Lets allow the guy to learn to walk before asking him to fly, huh?
Lets allow the guy to learn to walk before asking him to fly, huh?
[QUOTE=Bernice Loui;1618619]Not that "low cost".. IMO, the days of bargain view camera and lenses and related have passed.
https://www.ebay.com/sch/15230/i.htm...c&LH_PrefLoc=2
To be fair, that $500 B&J Press is not a camera for sale on eBay, it's a camera on perpetual display on eBay (like a LOT of photo gear on the 'Bay these days)
I have a BJP (well, 2, maybe I should sell one) and really like it. Lightweight, closes with a lens on, and way more useful movements than a speed or crown graphic and easy to make 4x4 lens boards.
Majority of sheet film cameras offer some degree of camera movement, press cameras included.

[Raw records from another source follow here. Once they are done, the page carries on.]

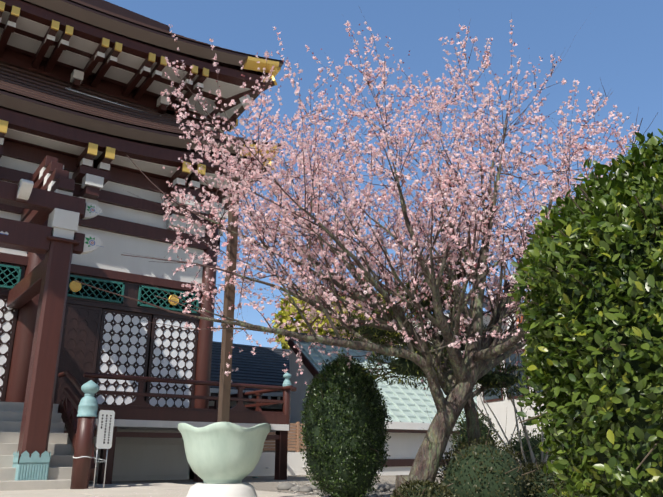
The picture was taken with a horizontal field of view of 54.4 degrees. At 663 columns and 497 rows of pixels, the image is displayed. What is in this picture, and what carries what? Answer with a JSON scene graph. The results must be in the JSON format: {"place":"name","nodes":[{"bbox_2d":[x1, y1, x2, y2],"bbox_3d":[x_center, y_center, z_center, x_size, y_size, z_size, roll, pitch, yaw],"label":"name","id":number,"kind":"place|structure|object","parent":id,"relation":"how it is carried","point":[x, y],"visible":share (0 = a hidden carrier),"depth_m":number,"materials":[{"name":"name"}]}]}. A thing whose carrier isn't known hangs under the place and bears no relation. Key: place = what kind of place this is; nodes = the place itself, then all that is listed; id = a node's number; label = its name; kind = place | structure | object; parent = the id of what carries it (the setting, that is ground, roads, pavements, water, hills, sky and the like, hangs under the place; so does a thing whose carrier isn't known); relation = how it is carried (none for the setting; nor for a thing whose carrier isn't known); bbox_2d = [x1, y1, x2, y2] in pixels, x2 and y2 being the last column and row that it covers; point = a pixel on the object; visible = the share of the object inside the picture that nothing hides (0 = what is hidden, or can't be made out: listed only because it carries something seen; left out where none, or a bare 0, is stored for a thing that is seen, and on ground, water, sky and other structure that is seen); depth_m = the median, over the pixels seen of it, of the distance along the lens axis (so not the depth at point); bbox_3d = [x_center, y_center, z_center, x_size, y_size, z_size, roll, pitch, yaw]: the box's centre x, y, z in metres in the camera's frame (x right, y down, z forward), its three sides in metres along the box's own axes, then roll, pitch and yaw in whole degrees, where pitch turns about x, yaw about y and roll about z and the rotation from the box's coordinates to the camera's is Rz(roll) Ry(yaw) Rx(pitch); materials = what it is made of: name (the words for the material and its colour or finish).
{"place":"outdoors","nodes":[
{"label":"outdoors","id":0,"kind":"place"},
{"bbox_2d":[0,483,328,496],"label":"pavement","id":1,"kind":"structure","parent":0,"point":[147,490],"depth_m":9.06,"materials":[{"name":"stone"}]},
{"bbox_2d":[0,155,103,463],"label":"porch column","id":2,"kind":"structure","parent":1,"relation":"on","point":[42,194],"depth_m":10.93,"materials":[{"name":"paint"}]},
{"bbox_2d":[12,451,50,480],"bbox_3d":[-4.751,3.425,10.171,0.470,0.450,0.470,13,-22,-34],"label":"pillar base cover","id":3,"kind":"object","parent":2,"relation":"attached to","point":[34,466],"visible":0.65,"depth_m":9.99,"materials":[{"name":"teal metal"}]},
{"bbox_2d":[70,380,99,488],"bbox_3d":[-3.953,2.986,10.341,0.420,1.730,0.420,13,-22,-34],"label":"newel post","id":4,"kind":"object","parent":1,"relation":"on","point":[87,415],"visible":0.85,"depth_m":10.24,"materials":[{"name":"paint"}]},
{"bbox_2d":[73,410,114,488],"bbox_3d":[-3.777,3.226,10.310,0.633,1.245,0.439,13,-22,-34],"label":"notice board","id":5,"kind":"object","parent":1,"relation":"on","point":[105,426],"visible":0.88,"depth_m":10.41,"materials":[{"name":"metal"}]},
{"bbox_2d":[186,482,256,496],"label":"planter pedestal","id":6,"kind":"object","parent":1,"relation":"on","point":[243,489],"visible":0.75,"depth_m":6.64,"materials":[{"name":"white stone"}]},
{"bbox_2d":[178,422,270,483],"bbox_3d":[-1.171,2.229,7.021,1.057,0.614,1.012,13,-22,-34],"label":"lotus basin","id":7,"kind":"object","parent":6,"relation":"on","point":[223,453],"visible":1,"depth_m":6.70,"materials":[{"name":"green ceramic"}]},
{"bbox_2d":[299,350,392,496],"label":"clipped holly","id":8,"kind":"object","parent":1,"relation":"on","point":[344,433],"visible":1,"depth_m":7.75,"materials":[{"name":"green plant"}]},
{"bbox_2d":[217,176,241,421],"bbox_3d":[-1.236,0.981,7.675,0.124,3.930,0.124,13,-22,-34],"label":"wooden post","id":9,"kind":"object","parent":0,"point":[225,379],"visible":0.54,"depth_m":7.65,"materials":[{"name":"brown wood"}]},
{"bbox_2d":[196,341,289,411],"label":"tiled roof","id":10,"kind":"structure","parent":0,"point":[264,366],"depth_m":23.90,"materials":[{"name":"blue tile"}]},
{"bbox_2d":[89,474,443,496],"bbox_3d":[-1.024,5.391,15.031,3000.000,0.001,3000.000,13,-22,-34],"label":"ground","id":11,"kind":"structure","parent":0,"point":[266,483],"depth_m":14.03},
{"bbox_2d":[0,402,73,490],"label":"stone steps","id":12,"kind":"structure","parent":11,"relation":"on","point":[60,463],"depth_m":10.62,"materials":[{"name":"stone"}]},
{"bbox_2d":[0,0,288,483],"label":"temple building","id":13,"kind":"structure","parent":11,"relation":"on","point":[50,50],"depth_m":15.59,"materials":[{"name":"brown wood"}]},
{"bbox_2d":[58,370,101,480],"bbox_3d":[-4.665,3.125,11.702,0.120,1.982,2.800,13,-22,-34],"label":"stair rail","id":14,"kind":"object","parent":13,"relation":"attached to","point":[69,417],"visible":0.48,"depth_m":11.81,"materials":[{"name":"paint"}]},
{"bbox_2d":[65,87,160,115],"bbox_3d":[-6.244,-3.041,18.525,3.700,0.590,3.578,13,-22,-34],"label":"roof snow guard","id":15,"kind":"object","parent":13,"relation":"on","point":[69,88],"visible":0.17,"depth_m":16.59,"materials":[{"name":"metal"}]},
{"bbox_2d":[0,165,227,408],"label":"temple wall","id":16,"kind":"structure","parent":13,"relation":"on","point":[103,332],"depth_m":15.18,"materials":[{"name":"paint"}]},
{"bbox_2d":[84,372,296,429],"bbox_3d":[-2.924,3.414,14.297,5.100,1.120,0.190,13,-22,-34],"label":"veranda railing","id":17,"kind":"object","parent":13,"relation":"on","point":[138,402],"visible":0.85,"depth_m":14.16,"materials":[{"name":"paint"}]},
{"bbox_2d":[282,372,291,389],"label":"rail finials","id":18,"kind":"object","parent":17,"relation":"on","point":[287,377],"visible":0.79,"depth_m":15.71,"materials":[{"name":"teal metal"}]},
{"bbox_2d":[214,72,276,198],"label":"hip rafters","id":19,"kind":"object","parent":13,"relation":"attached to","point":[239,98],"visible":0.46,"depth_m":18.26,"materials":[{"name":"paint"}]},
{"bbox_2d":[209,385,292,410],"bbox_3d":[-4.588,5.092,20.030,0.120,0.670,12.250,13,-22,-34],"label":"veranda railing","id":20,"kind":"object","parent":13,"relation":"on","point":[258,393],"visible":0.29,"depth_m":16.50,"materials":[{"name":"brown wood"}]},
{"bbox_2d":[166,27,289,479],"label":"temple hall","id":21,"kind":"structure","parent":11,"relation":"on","point":[232,116],"depth_m":18.86,"materials":[{"name":"brown wood"}]},
{"bbox_2d":[247,422,312,475],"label":"boundary wall","id":22,"kind":"structure","parent":11,"relation":"on","point":[265,465],"depth_m":18.12,"materials":[{"name":"white paint"}]},
{"bbox_2d":[275,481,394,496],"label":"edging stones","id":23,"kind":"object","parent":11,"relation":"on","point":[387,487],"visible":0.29,"depth_m":10.32,"materials":[{"name":"stone"}]},
{"bbox_2d":[294,291,399,344],"bbox_3d":[1.367,5.198,36.019,6.686,5.967,6.566,13,-22,-34],"label":"tree","id":24,"kind":"object","parent":11,"relation":"on","point":[325,333],"visible":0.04,"depth_m":34.49,"materials":[{"name":"yellow plant"}]},
{"bbox_2d":[270,289,321,349],"bbox_3d":[-1.023,4.860,40.300,5.619,5.149,6.067,13,-22,-34],"label":"tree","id":25,"kind":"object","parent":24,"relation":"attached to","point":[282,320],"visible":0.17,"depth_m":39.05,"materials":[{"name":"yellow plant"}]},
{"bbox_2d":[262,331,476,475],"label":"outbuilding","id":26,"kind":"structure","parent":11,"relation":"on","point":[409,408],"depth_m":19.86,"materials":[{"name":"white paint"}]},
{"bbox_2d":[102,19,639,496],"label":"cherry blossoms","id":27,"kind":"object","parent":11,"relation":"on","point":[378,167],"visible":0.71,"depth_m":7.28,"materials":[{"name":"pink plant"}]},
{"bbox_2d":[74,5,657,392],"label":"cherry twigs","id":28,"kind":"object","parent":27,"relation":"on","point":[400,266],"visible":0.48,"depth_m":7.17,"materials":[{"name":"pink plant"}]},
{"bbox_2d":[194,91,573,490],"bbox_3d":[0.881,0.281,7.996,5.880,5.700,4.681,-3,-18,10],"label":"cherry tree","id":29,"kind":"object","parent":11,"relation":"on","point":[475,364],"visible":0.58,"depth_m":6.92,"materials":[{"name":"brown plant"}]},
{"bbox_2d":[390,475,455,496],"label":"azalea","id":30,"kind":"object","parent":11,"relation":"on","point":[420,488],"visible":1,"depth_m":6.12,"materials":[{"name":"green plant"}]},
{"bbox_2d":[383,274,491,445],"bbox_3d":[1.411,1.606,7.937,2.006,2.918,0.514,13,-22,-34],"label":"tree trunk","id":31,"kind":"object","parent":11,"relation":"on","point":[470,411],"visible":0.12,"depth_m":7.90,"materials":[{"name":"brown wood"}]},
{"bbox_2d":[329,305,420,344],"bbox_3d":[0.513,0.923,7.661,1.090,0.518,1.097,13,-22,-34],"label":"tree foliage","id":32,"kind":"object","parent":31,"relation":"attached to","point":[369,332],"visible":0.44,"depth_m":7.52,"materials":[{"name":"green plant"}]},
{"bbox_2d":[360,341,453,389],"bbox_3d":[0.912,1.359,7.599,1.318,0.614,1.344,13,-22,-34],"label":"tree foliage","id":33,"kind":"object","parent":31,"relation":"attached to","point":[400,366],"visible":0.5,"depth_m":7.40,"materials":[{"name":"green plant"}]},
{"bbox_2d":[377,276,470,317],"bbox_3d":[1.153,0.637,8.213,1.155,0.554,1.201,-14,-23,38],"label":"tree foliage","id":34,"kind":"object","parent":31,"relation":"attached to","point":[424,303],"visible":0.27,"depth_m":8.04,"materials":[{"name":"green plant"}]},
{"bbox_2d":[418,317,509,358],"bbox_3d":[1.680,1.224,8.601,1.320,0.608,1.399,4,-18,-13],"label":"tree foliage","id":35,"kind":"object","parent":31,"relation":"attached to","point":[461,347],"visible":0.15,"depth_m":8.32,"materials":[{"name":"green plant"}]},
{"bbox_2d":[429,248,500,284],"bbox_3d":[1.762,0.254,8.680,1.089,0.486,1.113,13,-22,-34],"label":"tree foliage","id":36,"kind":"object","parent":31,"relation":"attached to","point":[458,263],"visible":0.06,"depth_m":8.48,"materials":[{"name":"green plant"}]},
{"bbox_2d":[472,358,536,399],"bbox_3d":[2.205,1.748,8.546,1.185,0.548,1.187,13,-22,-34],"label":"tree foliage","id":37,"kind":"object","parent":31,"relation":"attached to","point":[496,380],"visible":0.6,"depth_m":8.35,"materials":[{"name":"green plant"}]},
{"bbox_2d":[395,284,506,352],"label":"white house","id":38,"kind":"structure","parent":11,"relation":"on","point":[488,318],"depth_m":31.91,"materials":[{"name":"paint"}]},
{"bbox_2d":[449,407,501,456],"bbox_3d":[2.721,3.767,12.110,1.016,1.562,1.045,-6,-19,18],"label":"shrub","id":39,"kind":"object","parent":11,"relation":"on","point":[484,429],"visible":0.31,"depth_m":12.06,"materials":[{"name":"green plant"}]},
{"bbox_2d":[413,315,555,465],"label":"bare shrubs","id":40,"kind":"object","parent":11,"relation":"on","point":[526,436],"visible":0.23,"depth_m":8.70,"materials":[{"name":"plant"}]},
{"bbox_2d":[436,431,535,496],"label":"azalea","id":41,"kind":"object","parent":11,"relation":"on","point":[478,469],"visible":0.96,"depth_m":6.61,"materials":[{"name":"green plant"}]},
{"bbox_2d":[515,453,540,466],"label":"azalea","id":42,"kind":"object","parent":11,"relation":"on","point":[528,460],"visible":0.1,"depth_m":10.20,"materials":[{"name":"green plant"}]},
{"bbox_2d":[501,429,556,461],"bbox_3d":[3.500,3.720,11.365,1.119,1.063,1.143,-8,-19,23],"label":"shrub","id":43,"kind":"object","parent":11,"relation":"on","point":[534,442],"visible":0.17,"depth_m":11.20,"materials":[{"name":"green plant"}]},
{"bbox_2d":[522,458,558,496],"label":"azalea","id":44,"kind":"object","parent":11,"relation":"on","point":[543,483],"visible":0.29,"depth_m":6.87,"materials":[{"name":"green plant"}]},
{"bbox_2d":[552,478,610,496],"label":"azalea","id":45,"kind":"object","parent":11,"relation":"on","point":[562,488],"visible":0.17,"depth_m":6.36,"materials":[{"name":"green plant"}]},
{"bbox_2d":[507,129,662,496],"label":"camellia bush","id":46,"kind":"object","parent":11,"relation":"on","point":[594,328],"visible":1,"depth_m":3.62,"materials":[{"name":"green plant"}]},
{"bbox_2d":[105,0,662,348],"label":"sky","id":47,"kind":"structure","parent":0,"point":[619,43],"materials":[{"name":"blue"}]},
{"bbox_2d":[477,313,559,449],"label":"garden wall","id":48,"kind":"structure","parent":0,"point":[501,408],"depth_m":15.79,"materials":[{"name":"white paint"}]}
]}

Some medium format cameras like the Fuji GX680 also offer some degree of camera movement (front only, limited). Again, it goes back to image goals. Images like this example a car at the cork screw of Laguna Seca are not gonna work much if at all using any view camera.

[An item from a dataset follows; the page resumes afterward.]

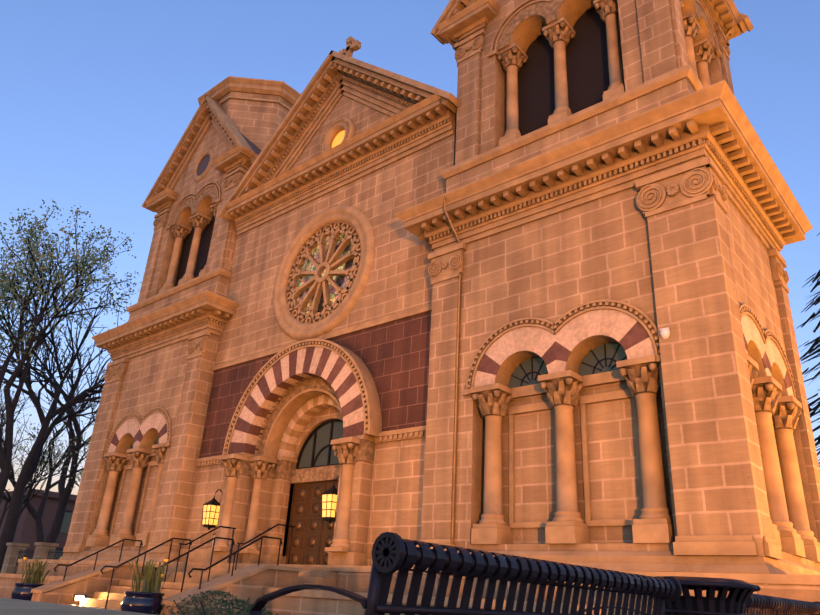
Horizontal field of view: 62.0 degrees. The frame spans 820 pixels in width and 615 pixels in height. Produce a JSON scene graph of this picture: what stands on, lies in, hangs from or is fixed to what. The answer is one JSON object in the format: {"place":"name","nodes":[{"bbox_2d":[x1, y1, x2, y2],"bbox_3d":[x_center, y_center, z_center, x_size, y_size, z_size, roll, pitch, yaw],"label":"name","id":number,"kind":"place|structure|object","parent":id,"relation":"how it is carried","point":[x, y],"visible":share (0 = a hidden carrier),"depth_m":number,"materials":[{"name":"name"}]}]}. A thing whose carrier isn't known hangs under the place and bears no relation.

Canon 500mm f4.5, Canon mirrorless digital.
Current "success_popularity of start ups like Intrepid" are due more to a marketing moment than cost alone. As previously mentioned, this view camera stuff has changed much since the film era before year 2000. See this Midwest Photo Ad from 1995. Note the resale value of lightweight field folders -vs- GOOD monorail cameras and all related items. The view camera market pre year 2000 was (again) studio made color transparency images using 4x5. Field folders were very affordable back then. In ways field folders have become less affordable due to the current Foto market fashion of view cameras.
The assertion of low cost view cameras such as the Intrepid has made this view camera stuff available to many Foto folks today is not an assertion that can be proven or well supported by market realities and facts-truths of what is the current view camera and relate of today. Before Intrepid, there was the Bender view camera kit and similar DIY view cameras.
Positive note about the current Foto fashion of view camera, it does create a demand for sheet film. If not for this demand in what ever camera used, related print making process and such sheet film availability would have died. If the availability of sheet film dies off, that is where the real problems of producing any sheet film images begin.
Bernice
As for lightweight field folders and Ansel Adams style landscapes... In his later years, Ansel used a Horseman L monorail LOTs... Why?
Previously mentioned numerous times, Horseman L series monorail cameras were one of the most excellent monorail camera bargains for a long time. They can cost less than an Intrepid or similar current fashion view camera yet offer FAR more in what a view camera can be and do.
Bernice
The question is about lighter weight and portability. Ansel gave up on a backpack 40 years before my current age; and I'm still doing it. Lightweight folders have been around a long time too; but they weren't all that rigid, at least compared to certain current options. And ultralight monorails like the Gowland were inevitably prone to vibration. Everything is some kind of compromise. The nice thing about system monorails like Sinar is that you can reconfigure them for a wide variety of applications. I've seen images of AA with a Sinar too. But there are good reasons I own both an 8x10 and 4x5 folder as well as Sinar gear. Love em all, but do choose one over another logistically, as needed.
Darn you, Bob - don't give away the box of tricks. People need their myths. Gosh knows how much gear I was given in hopes of an endorsement (non-photo gear - I've been given a lot of photo gear for free too, but not for sake of endorsements). That certainly doesn't mean I endorsed everything I was given, only things I thought deserved it. But AA was good at talking people out of things, and as I recalled, talked a manufacturer into giver a Protar lens to EW since he couldn't afford one himself. Brett W. also convinced Rollei to give him an SL66 outfit, but then shot mainly an RB67 instead.
Last edited by Drew Wiley; 18-Oct-2021 at 17:59.
AA had Sinar stuff too. By the mid 1970s he probably had at least one of everything.
I’d recommend a Sinar to any beginner, as you suggested earlier. An F model or even the A I had (and should never have let go). Ok monorails aren’t the lightest, but they are easy to set up, and can do basically anything, which I think is good for a beginner because you can get some experience with something that has few limitations and decide what features you find you need or don’t need etc. The Sinars are simpler to operate than things like that Horseman. Those designs were better suited to complicated studio/tabletop use. My two cents.
I didn’t know that about Weston and the Rollei. I thought he used it a lot.
Or a Technika IV, or newer. The camera, out of the box, with no accessories - other then lenses and boards, can use any lens from 72mm to many 360mm with full movements, front and back, folds for convemient carrying, all metal and not that heavy. Especially since you don’t need extras like w/a bellows, extra rails, etc to do the same thing.
That’s true. Good point. I just figured used mid-range or entry level Sinar cameras in good condition (if there still are any) would be cheaper than Linhof but I could be wrong. For a time there was just so much Sinar stuff in circulation but things may have changed.